Lords reform is not enough
For me, Lords reform is long long overdue but, as I said in my opening remarks I do not believe that it will address the political crisis we face. I would not underplay the profound impact that big constitutional change has on the way we do government.
The last Labour government’s decision to devolve power to Wales, Scotland, Northern Ireland and directly elected mayors, most notably in London, has had a profound, and beneficial impact, on the way we do governance in the UK.

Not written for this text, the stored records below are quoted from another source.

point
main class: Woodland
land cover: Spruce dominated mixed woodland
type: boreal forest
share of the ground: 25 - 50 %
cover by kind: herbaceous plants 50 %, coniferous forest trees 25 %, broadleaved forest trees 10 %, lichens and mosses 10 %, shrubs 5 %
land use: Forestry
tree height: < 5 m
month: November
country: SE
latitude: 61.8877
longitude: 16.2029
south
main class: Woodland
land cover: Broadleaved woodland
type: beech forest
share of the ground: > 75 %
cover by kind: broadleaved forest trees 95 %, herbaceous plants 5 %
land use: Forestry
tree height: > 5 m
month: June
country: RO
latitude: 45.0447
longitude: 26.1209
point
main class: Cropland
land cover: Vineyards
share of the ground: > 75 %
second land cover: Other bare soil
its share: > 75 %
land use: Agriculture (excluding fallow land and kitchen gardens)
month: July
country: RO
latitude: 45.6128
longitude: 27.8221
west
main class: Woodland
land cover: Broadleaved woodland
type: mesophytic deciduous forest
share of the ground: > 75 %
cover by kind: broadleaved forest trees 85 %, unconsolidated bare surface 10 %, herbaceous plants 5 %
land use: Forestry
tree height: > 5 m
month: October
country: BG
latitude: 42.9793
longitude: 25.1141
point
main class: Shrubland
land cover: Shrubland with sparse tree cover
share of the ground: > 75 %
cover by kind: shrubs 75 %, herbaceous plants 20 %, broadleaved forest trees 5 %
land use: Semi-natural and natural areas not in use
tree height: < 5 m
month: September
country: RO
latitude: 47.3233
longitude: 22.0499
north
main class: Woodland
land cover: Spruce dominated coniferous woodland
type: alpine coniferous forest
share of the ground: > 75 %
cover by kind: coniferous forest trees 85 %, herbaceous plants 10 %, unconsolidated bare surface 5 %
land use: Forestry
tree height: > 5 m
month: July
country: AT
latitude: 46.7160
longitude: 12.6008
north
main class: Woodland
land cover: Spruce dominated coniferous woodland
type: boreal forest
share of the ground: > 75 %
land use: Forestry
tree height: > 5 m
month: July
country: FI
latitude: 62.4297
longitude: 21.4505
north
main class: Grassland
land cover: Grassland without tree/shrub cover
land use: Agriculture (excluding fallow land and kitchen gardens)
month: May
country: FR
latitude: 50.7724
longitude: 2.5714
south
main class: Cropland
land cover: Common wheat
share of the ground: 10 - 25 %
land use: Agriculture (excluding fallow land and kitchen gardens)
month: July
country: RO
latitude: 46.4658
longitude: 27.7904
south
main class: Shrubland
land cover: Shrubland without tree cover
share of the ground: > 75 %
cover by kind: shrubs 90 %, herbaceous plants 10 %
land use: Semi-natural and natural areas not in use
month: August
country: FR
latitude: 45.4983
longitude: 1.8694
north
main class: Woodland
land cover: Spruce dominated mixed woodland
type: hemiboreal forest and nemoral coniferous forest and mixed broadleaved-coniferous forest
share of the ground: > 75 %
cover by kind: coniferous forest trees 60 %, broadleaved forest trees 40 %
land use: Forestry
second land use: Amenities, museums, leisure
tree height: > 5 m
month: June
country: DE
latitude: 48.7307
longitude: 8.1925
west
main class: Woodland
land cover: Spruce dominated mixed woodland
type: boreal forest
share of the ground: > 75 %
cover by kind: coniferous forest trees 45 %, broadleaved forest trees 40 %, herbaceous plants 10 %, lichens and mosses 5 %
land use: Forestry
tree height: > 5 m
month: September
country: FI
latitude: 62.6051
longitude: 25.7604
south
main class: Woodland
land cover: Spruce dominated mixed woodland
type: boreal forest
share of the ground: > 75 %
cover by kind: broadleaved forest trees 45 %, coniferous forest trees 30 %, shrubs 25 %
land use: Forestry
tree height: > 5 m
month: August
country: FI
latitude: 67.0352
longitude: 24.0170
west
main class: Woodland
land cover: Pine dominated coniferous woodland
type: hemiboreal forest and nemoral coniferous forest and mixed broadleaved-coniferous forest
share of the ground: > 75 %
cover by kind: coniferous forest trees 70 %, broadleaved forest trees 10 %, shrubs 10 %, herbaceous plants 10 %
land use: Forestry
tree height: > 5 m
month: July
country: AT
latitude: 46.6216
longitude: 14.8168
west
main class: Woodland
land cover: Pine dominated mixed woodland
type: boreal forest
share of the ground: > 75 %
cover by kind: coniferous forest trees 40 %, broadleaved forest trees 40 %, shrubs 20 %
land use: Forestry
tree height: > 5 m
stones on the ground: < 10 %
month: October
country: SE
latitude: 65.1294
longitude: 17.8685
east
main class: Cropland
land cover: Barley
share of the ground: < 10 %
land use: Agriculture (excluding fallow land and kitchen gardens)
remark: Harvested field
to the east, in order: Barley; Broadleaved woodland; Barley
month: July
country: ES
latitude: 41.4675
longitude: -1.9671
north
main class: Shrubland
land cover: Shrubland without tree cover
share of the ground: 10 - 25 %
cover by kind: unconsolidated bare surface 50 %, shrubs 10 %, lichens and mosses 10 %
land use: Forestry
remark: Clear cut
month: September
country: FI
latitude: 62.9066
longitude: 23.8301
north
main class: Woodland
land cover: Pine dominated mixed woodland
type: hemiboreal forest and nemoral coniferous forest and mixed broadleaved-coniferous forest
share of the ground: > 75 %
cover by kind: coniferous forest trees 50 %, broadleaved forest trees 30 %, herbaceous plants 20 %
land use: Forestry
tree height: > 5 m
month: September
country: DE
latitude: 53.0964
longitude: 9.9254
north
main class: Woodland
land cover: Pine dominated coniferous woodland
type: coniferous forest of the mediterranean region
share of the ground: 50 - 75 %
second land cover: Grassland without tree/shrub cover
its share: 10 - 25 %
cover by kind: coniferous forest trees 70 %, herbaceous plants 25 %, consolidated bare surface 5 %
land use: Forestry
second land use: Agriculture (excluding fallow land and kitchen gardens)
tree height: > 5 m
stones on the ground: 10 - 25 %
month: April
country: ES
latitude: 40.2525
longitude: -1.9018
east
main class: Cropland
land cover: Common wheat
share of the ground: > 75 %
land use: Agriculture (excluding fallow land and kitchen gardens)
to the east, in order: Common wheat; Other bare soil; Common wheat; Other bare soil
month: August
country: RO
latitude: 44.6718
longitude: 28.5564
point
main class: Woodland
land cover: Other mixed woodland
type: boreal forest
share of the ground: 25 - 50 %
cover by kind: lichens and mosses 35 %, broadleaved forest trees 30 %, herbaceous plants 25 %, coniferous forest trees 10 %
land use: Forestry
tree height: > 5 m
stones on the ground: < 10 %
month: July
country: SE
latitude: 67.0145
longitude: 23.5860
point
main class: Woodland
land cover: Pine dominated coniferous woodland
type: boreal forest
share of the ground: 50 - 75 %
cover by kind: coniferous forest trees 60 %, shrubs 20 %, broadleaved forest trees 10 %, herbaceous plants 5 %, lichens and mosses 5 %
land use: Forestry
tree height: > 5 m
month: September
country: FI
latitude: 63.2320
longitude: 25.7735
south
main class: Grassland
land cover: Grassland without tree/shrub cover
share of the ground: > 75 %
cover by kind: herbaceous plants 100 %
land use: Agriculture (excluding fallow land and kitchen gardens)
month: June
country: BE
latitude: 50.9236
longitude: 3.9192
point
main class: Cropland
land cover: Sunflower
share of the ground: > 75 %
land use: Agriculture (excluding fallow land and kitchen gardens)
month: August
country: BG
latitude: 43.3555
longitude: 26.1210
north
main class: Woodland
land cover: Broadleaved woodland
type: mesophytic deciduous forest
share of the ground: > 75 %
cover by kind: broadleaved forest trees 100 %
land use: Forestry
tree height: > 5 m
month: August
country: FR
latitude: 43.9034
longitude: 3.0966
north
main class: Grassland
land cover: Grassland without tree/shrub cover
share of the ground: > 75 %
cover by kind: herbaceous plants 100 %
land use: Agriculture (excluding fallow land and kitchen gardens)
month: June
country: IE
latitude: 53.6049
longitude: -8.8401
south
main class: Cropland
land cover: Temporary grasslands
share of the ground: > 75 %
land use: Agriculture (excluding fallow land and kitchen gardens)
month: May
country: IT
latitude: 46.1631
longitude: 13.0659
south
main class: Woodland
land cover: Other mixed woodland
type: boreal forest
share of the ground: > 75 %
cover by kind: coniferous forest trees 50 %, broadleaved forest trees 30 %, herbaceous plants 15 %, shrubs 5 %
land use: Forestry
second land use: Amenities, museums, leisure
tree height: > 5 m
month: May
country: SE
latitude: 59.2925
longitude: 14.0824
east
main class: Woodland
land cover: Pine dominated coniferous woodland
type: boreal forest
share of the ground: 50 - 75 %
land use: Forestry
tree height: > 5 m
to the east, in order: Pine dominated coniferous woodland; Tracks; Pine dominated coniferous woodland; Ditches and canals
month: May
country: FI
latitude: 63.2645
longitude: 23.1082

Nor do I think moving to the alternative vote in the Commons, which I voted for and still support, would necessarily resolve the challenge our democratic system faces. The crisis is not about process it is about outcome. Turnout in elections across the United Kingdom does not seem to indicate that one particular voting system is more successful than any other at getting people to vote. The malaise is more profound.
Voter turnout has sunk depressingly low. The proportion of young people voting has also been in decline. The challenge we face is how to deal with this.
But are people today less political? We make a mistake to think participation in elections is a measure of how much people care about politics. People do care. They simply don’t think the political process, if it impinges on their consciousness at all, offers them a solution.
So While Lords reform is unfinished business and business we must get on with, it is only a small part of the answer to the more profound problems we face.